Around 40-45 per cent of the retailers do not have bank accounts and they deal in cash
Sachin Jagdale–Mumbai
Government of India’s recent move on demonetisation has negatively impacted pharma stockists and retailers in the country. Both retailers and stockists are finding it difficult to give out change to patients buying medicines, with high denomination notes, which is leading to frequent arguments.

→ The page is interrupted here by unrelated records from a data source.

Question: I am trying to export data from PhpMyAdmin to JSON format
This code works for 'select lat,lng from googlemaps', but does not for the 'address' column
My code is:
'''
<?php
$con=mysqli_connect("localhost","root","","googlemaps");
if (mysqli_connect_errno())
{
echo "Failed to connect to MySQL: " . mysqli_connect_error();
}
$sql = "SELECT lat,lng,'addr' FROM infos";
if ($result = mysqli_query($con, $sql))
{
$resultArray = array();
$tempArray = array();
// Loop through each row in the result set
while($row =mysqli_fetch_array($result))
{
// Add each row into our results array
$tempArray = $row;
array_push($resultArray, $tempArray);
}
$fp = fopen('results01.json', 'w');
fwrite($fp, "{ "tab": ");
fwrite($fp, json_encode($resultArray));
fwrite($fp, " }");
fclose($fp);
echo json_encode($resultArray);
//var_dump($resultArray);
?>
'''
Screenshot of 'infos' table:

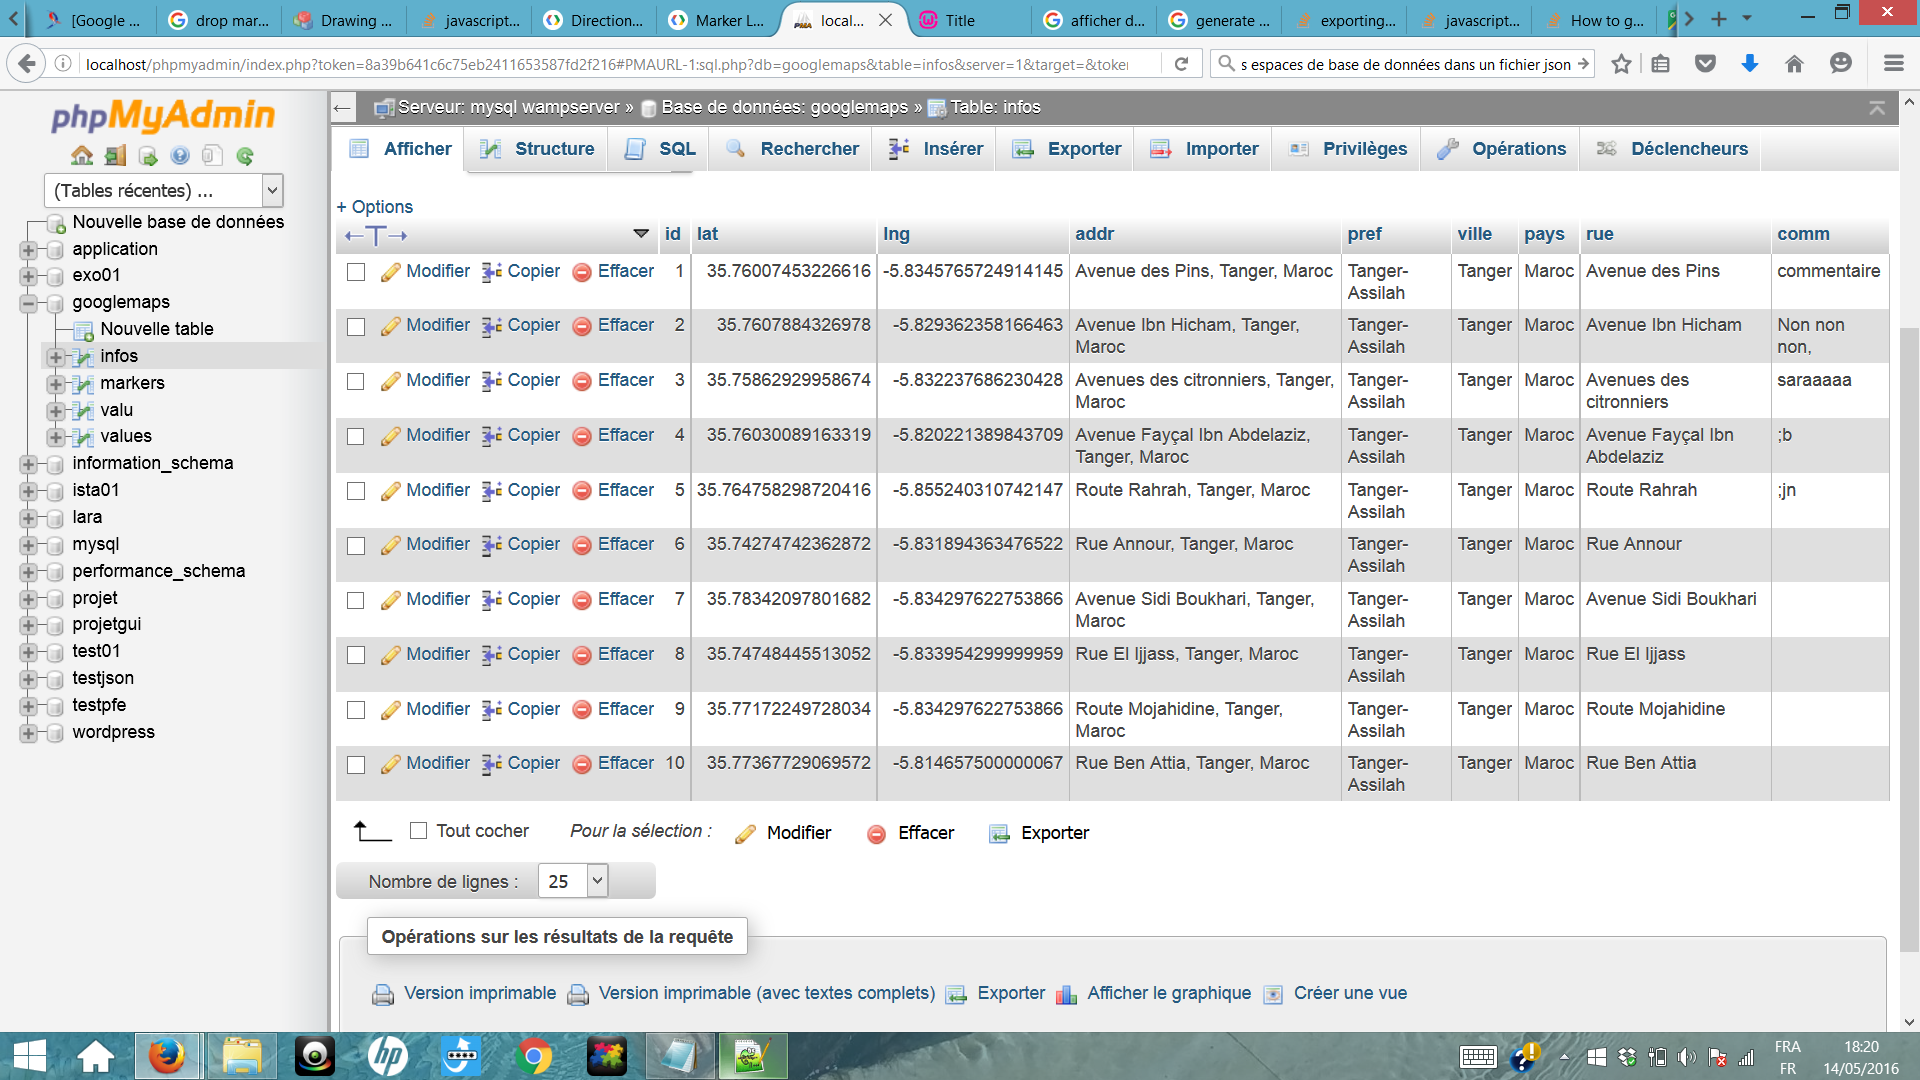
Answer: Just found the solution it s actually adding this before the select query :
'''
mysqli_set_charset($con, "utf8");
$sql = "SELECT lat,lng,'addr' FROM infos";
if ($result = mysqli_query($con, $sql))
{......}
'''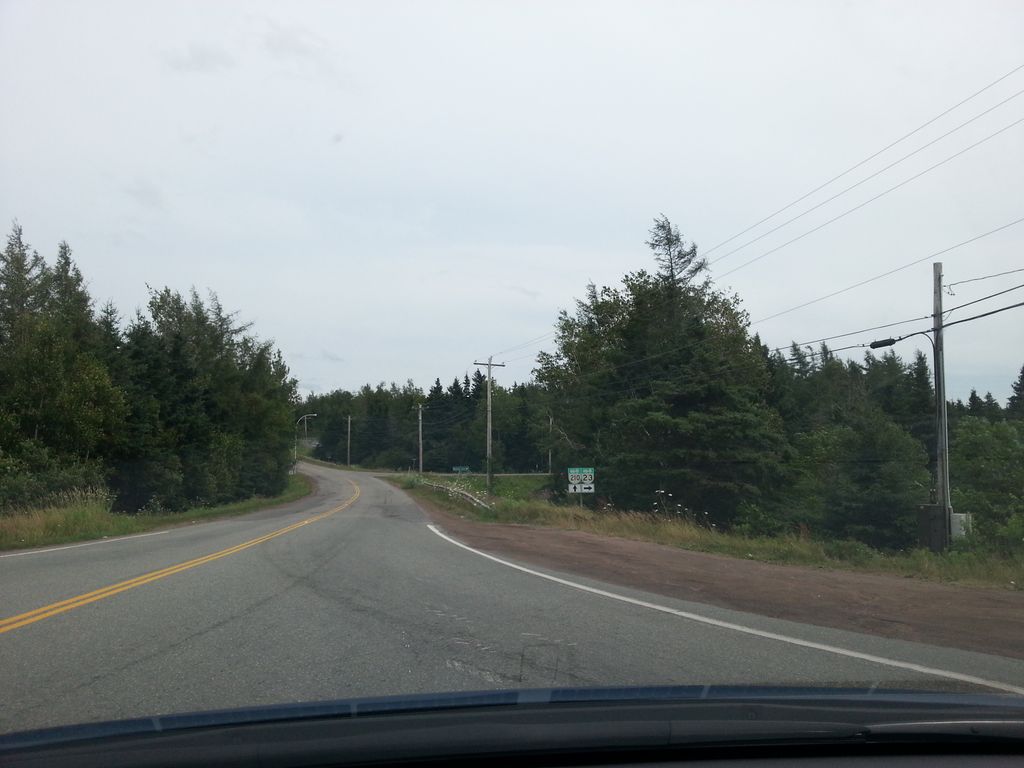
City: charlottetown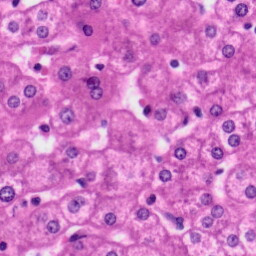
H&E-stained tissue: Liver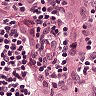
Metastatic tissue present: yes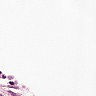
Metastatic tissue present: no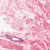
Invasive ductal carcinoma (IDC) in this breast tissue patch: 0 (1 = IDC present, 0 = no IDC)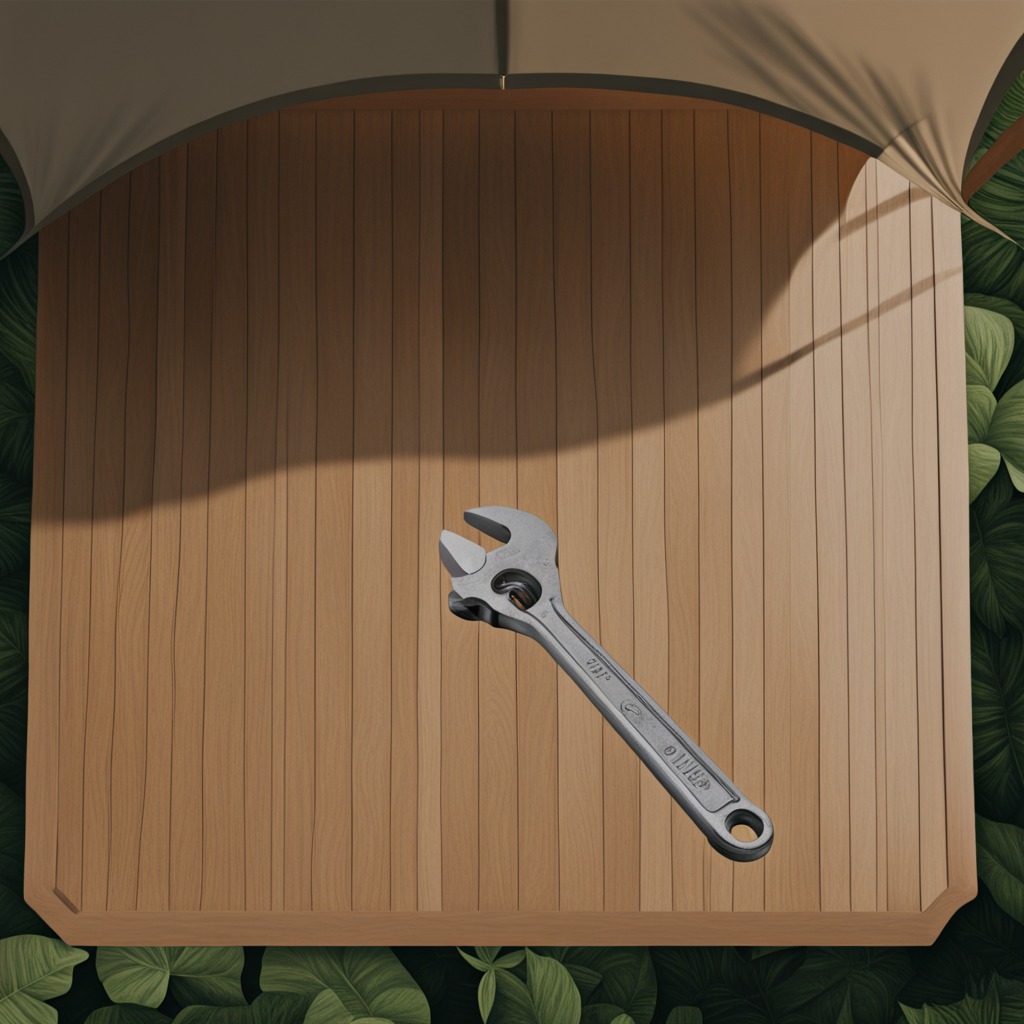
An wrench is lying on a wooden table inside a jungle field workshop tent.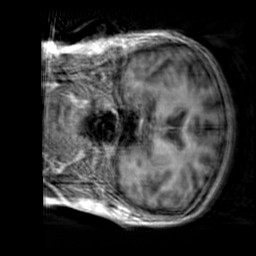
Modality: T1w
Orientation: coronal
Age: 59
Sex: female
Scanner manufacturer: siemens
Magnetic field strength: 3 T
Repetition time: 2.3 s
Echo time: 0.00303 s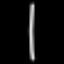
Label: line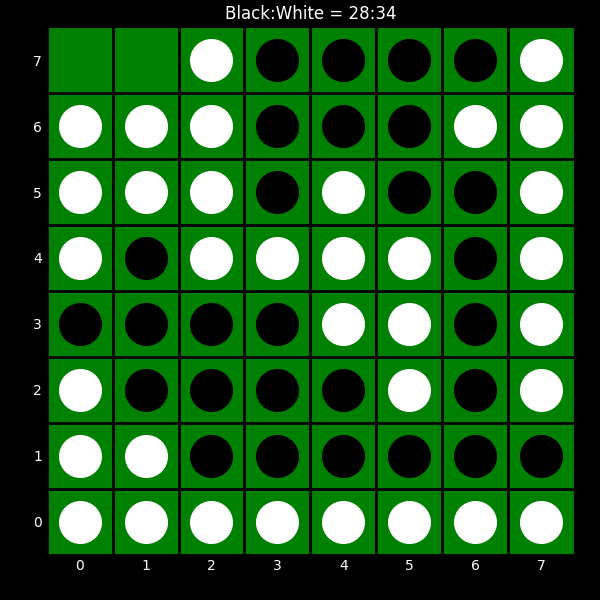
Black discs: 28
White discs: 34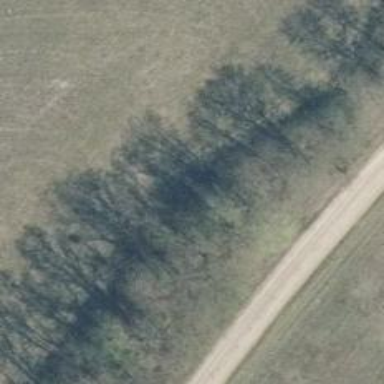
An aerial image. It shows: Row of trees in natural setting.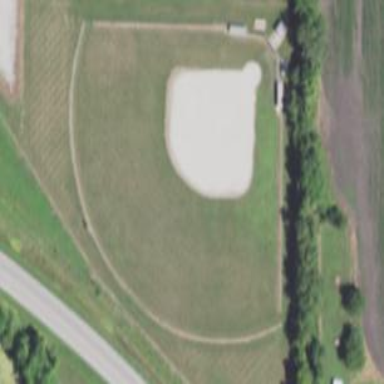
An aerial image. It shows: Softball pitch surrounded by fence.
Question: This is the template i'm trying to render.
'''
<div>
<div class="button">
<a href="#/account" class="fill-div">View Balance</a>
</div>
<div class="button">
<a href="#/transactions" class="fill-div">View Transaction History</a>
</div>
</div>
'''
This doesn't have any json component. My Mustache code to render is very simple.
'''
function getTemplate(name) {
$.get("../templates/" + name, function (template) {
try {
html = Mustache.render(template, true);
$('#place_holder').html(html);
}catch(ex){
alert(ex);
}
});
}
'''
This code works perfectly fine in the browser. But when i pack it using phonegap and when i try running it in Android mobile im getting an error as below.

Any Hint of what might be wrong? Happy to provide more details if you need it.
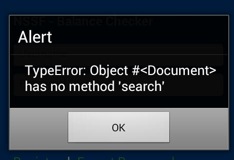
Answer: The issue was with the jQuery get request.
$.get was returning an object[document] in the emulators and in mobile device. So added "text" to $.get and it fixed the problem.
'''
$.get("../templates/" + name, function (template) {
html = Mustache.render(template, true);
$('#place_holder').html(html);
}, "text");
'''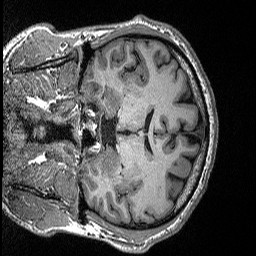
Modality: T1w
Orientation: coronal
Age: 42
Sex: male
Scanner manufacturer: siemens
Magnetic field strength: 3 T
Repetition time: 2.3 s
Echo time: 0.00298 s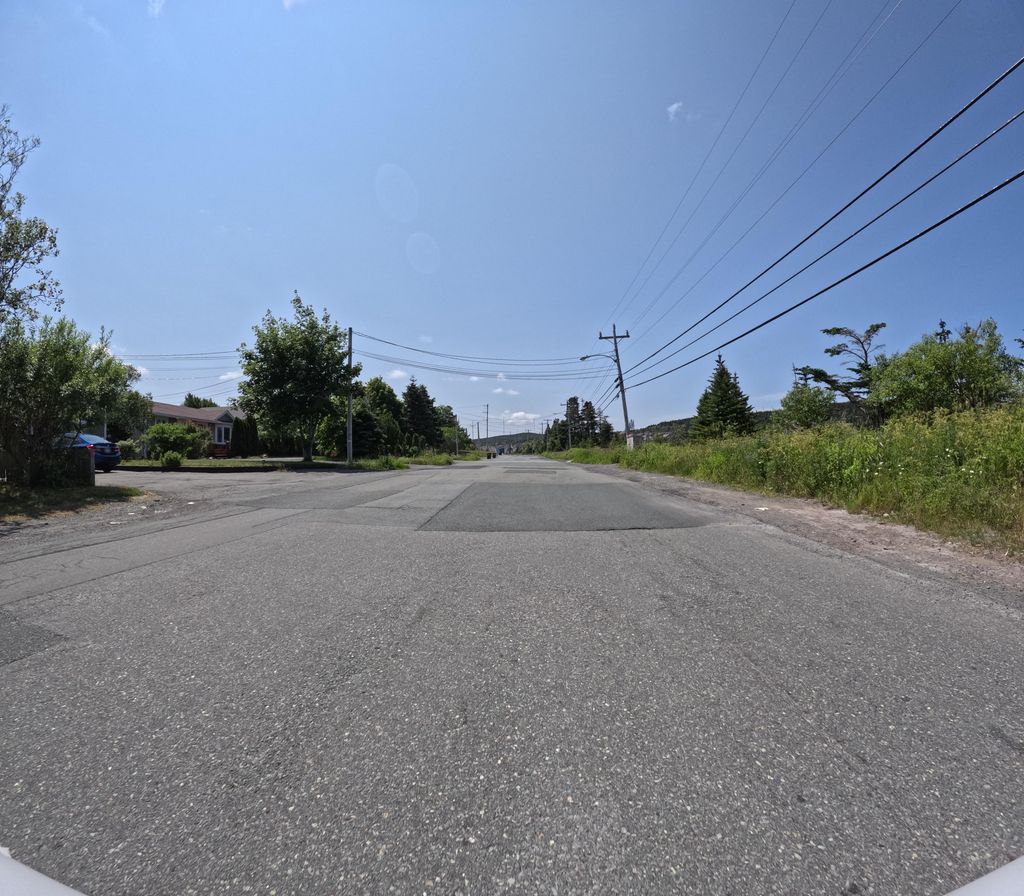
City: st_johns

“Till now, demonetisation has had a little impact on business with pharma companies. However, it will be difficult in the long run, as medicines cannot be procured always on credit,” says Prasad Danave, General Secretary, Maharashtra State Chemists and Druggists Association (MSCDA), Mumbai Zone.
JS Shinde, President, All India Organisation of Chemists and Druggists (AIOCD), gives a broad perspective of the problem. He says, “Around 40-45 per cent of the retailers do not have bank accounts and they deal in cash only. Demonetisation has affected them badly. The situation is worst in rural areas where there is usually a lone chemist dispensing medicines. We had requested the government to allow stockists withdraw Rs 10,000 per day but our demand wasn’t met. If the situation goes on for a long time, I fear at least 30-40 per cent medicine shops in rural India will be forced to shut in days to come.”
Shinde adds, “As far as the pharma sector is concerned, not all drug manufacturers supply medicines on credit. On many occasions, we have to pay money in cash and buy medicines.”
According to Shinde, the deadline to accept old notes by stockists and retailers, is till November 24, 2016. However, problems may arise for stockists, retailers and patients, post the deadline.